Oh, and one thing that popped into my head just now.
Ask her if she still loves you, her answer will most likely let you know if there is even a glimmer of hope that she'll realize the extent of the manipulation she has bought into.
If she says NO, it will hurt, but at least you'll know where you stand.
If she says Yes, then there is a chance that someday she'll see the error in judgement she has made and begin to mend the relationship.

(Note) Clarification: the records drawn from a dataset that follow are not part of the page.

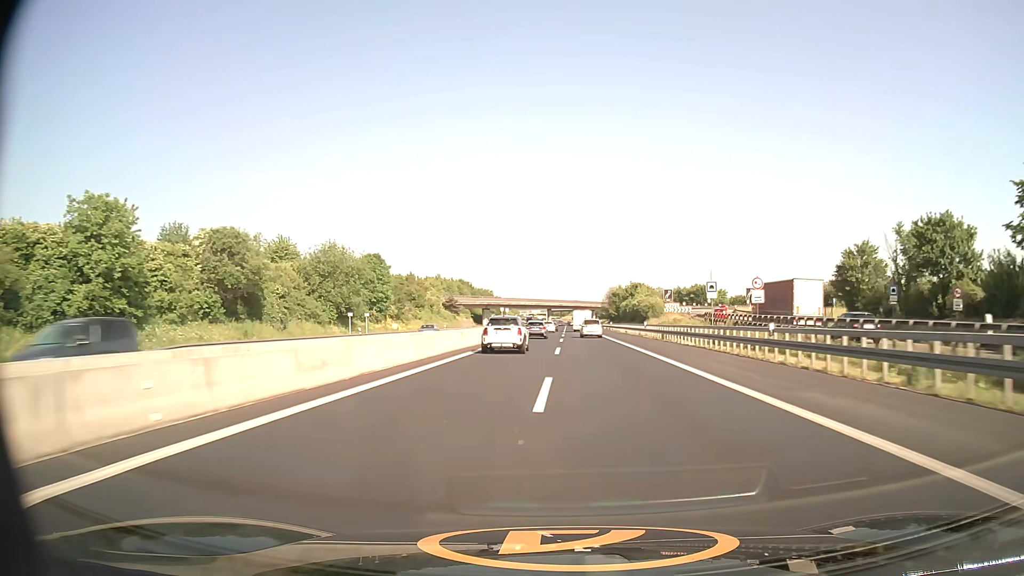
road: motorway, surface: asphalt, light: Day
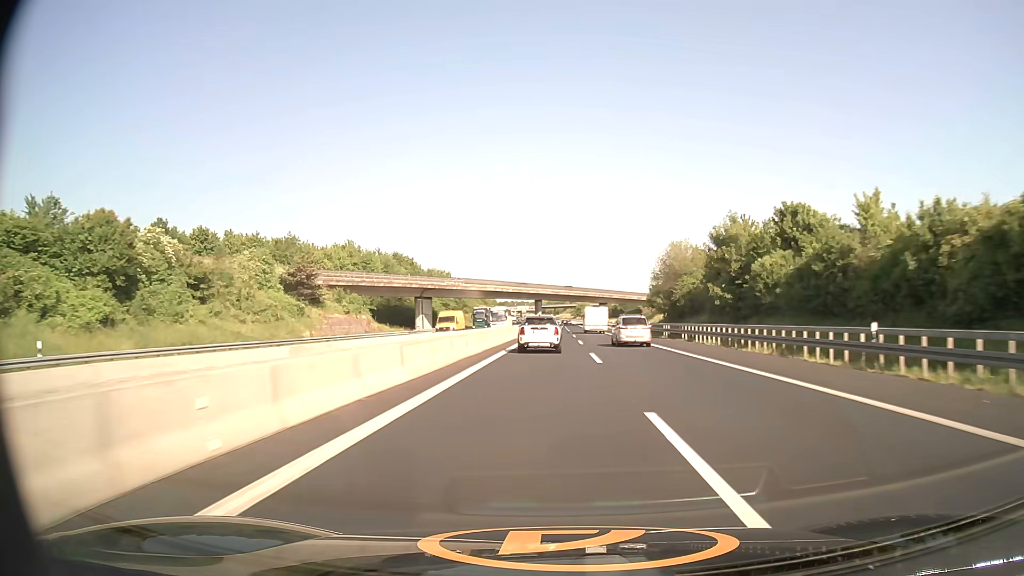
(+0.4, +95.7) m; +1°
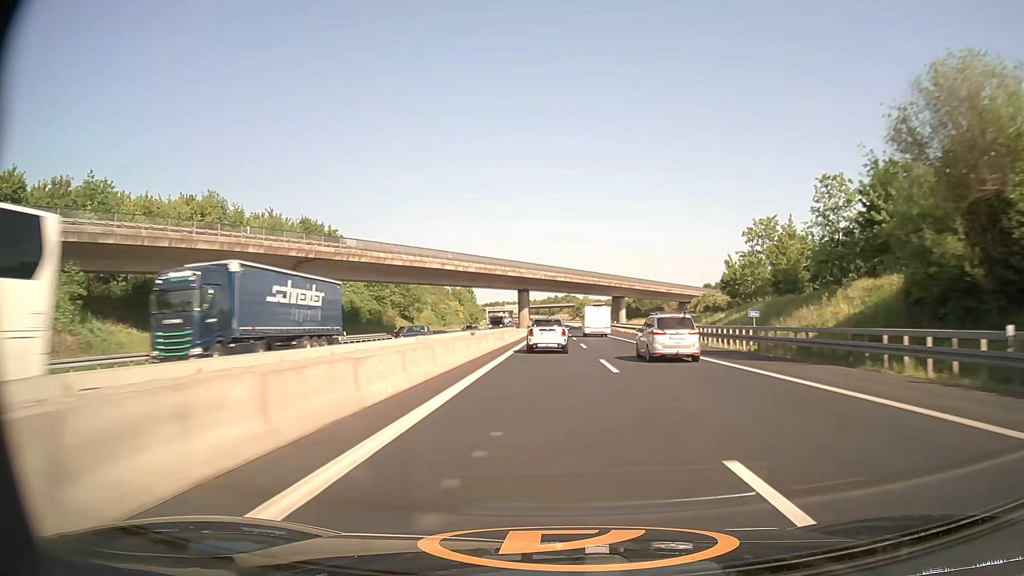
(+0.3, +57.1) m; 0°
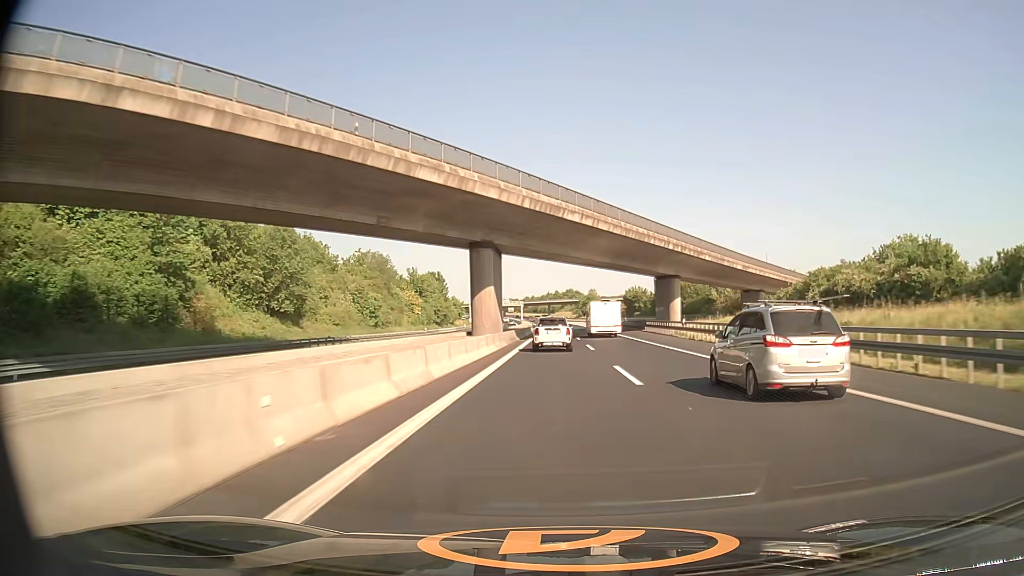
(+0.1, +57.6) m; 0°
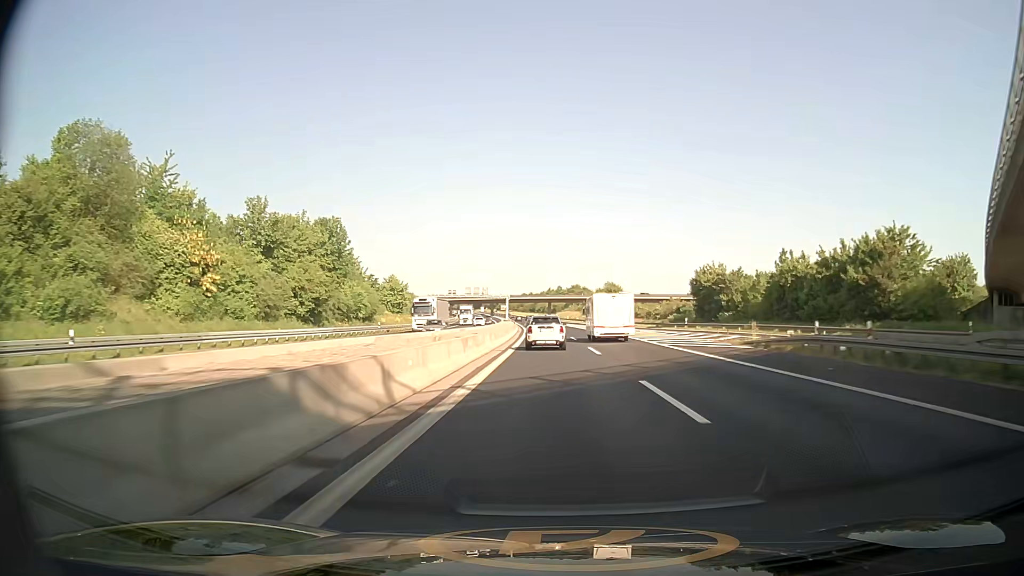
(+0.3, +77.3) m; 0°
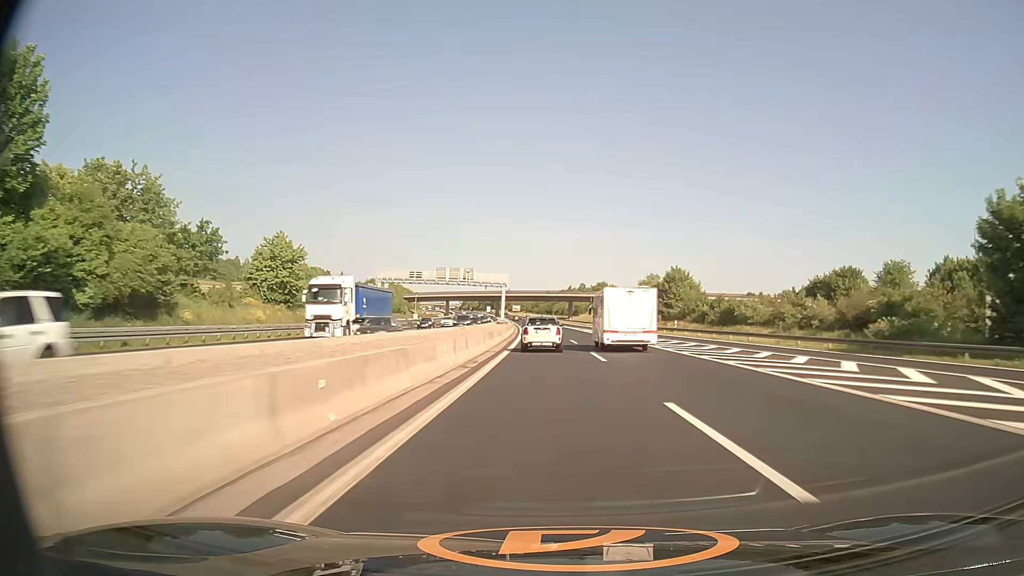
(-0.3, +57.6) m; -1°
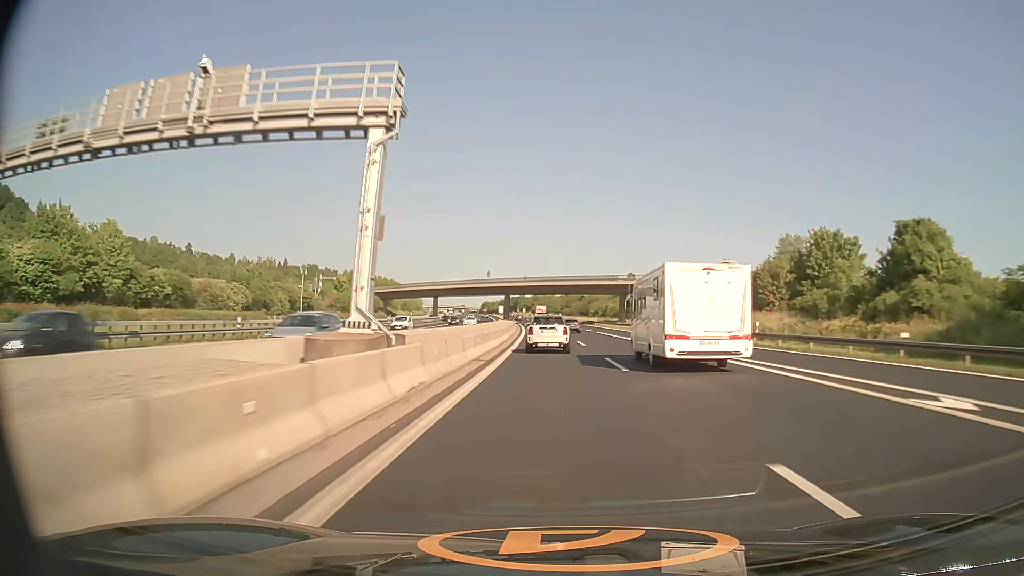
(-1.7, +76.5) m; -2°
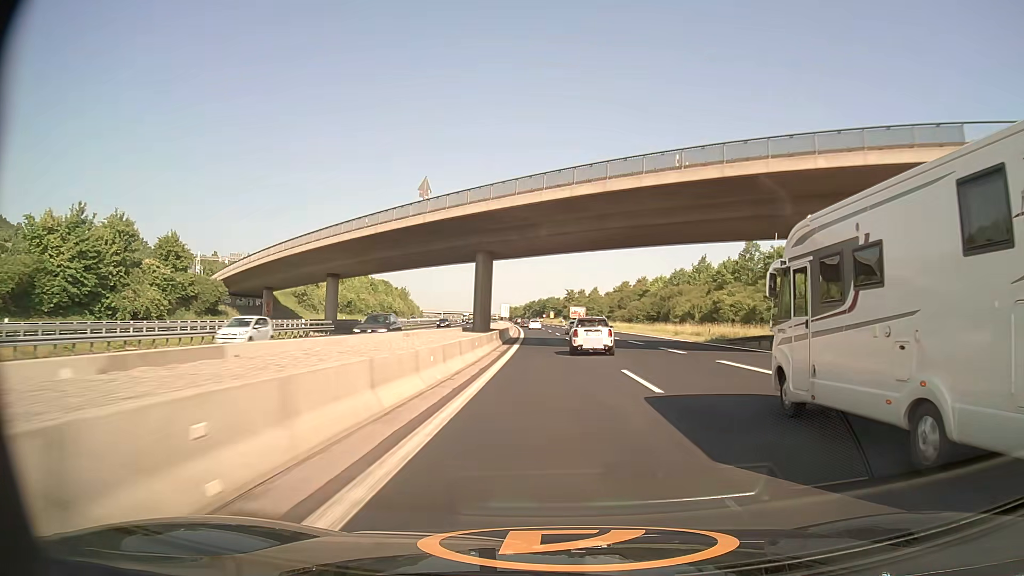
(-2.5, +94.5) m; -3°
(0, +10) (0, +20) (0, +30) (0, +40) (-1, +50) (-1, +60) (-1, +70) (-2, +80) (-2, +90) (-3, +100) m

Well, in Oklahoma, all that's mandated to get a divorce is a 4-hour "divorced parenting" course. We have what's called "no-fault" divorce laws, where a divorce will be granted so long as one person in the marriage wants it. Unfortunately, legally I can't stop it. I've been trying for the better part of a year. In fact, the reason I'm going to be officially divorced next week is because the machine rolled ahead without me. I've fought the good fight, I'm now relegated to picking up the pieces. Wife simply won't go to joint counselling. I've almost exclusively discussed our children's well being when trying to take some sense into her head. She believes the kids will be fine. Get this, her psychologist has her believing the kids will actually be better off. Because "how can the kids get the attention they need from you if you're unhappy?" I'm not kidding here. She's actually convinced that once she finds "romance" again (BTW, this is what it's all really about), she'll be living on cloud 9 and the kids will be better off. It's kinda like living in the twighlight zone. I can't believe this bullshit is actually still pushed. I may be wrong, but I think her psychologist got her degree on a mail-in program from Oprah. Also, she doesn't love me anymore. She's said so. She cares for me, but doesn't get "that feeling" anymore with me (again, it's all down to the "Pretty Woman" syndrome). It sucks, but it's over. In the morning I can smile and joke (like today), at night I'm a bit more depressed. Just gonna have to figure out how to deal I suppose. My wife actually tells me to go to the doctor for some good drugs! She believes strongly in the psychological profession and their methods, I do not. I will not drug myself into happiness (plus, beer is cheaper... Heh heh .. Just kidding). Anyway, I've tried everything and anything to prevent next week. The deck is stacked against me here. Again, there's an industry built on divorce. I've read up on it a bit. Dissent is simply useless right now. Hopefully as the Conservative movement grows, some common sense and decency will be interjected into the legal system. Till then, there will be thousands more cases like mine.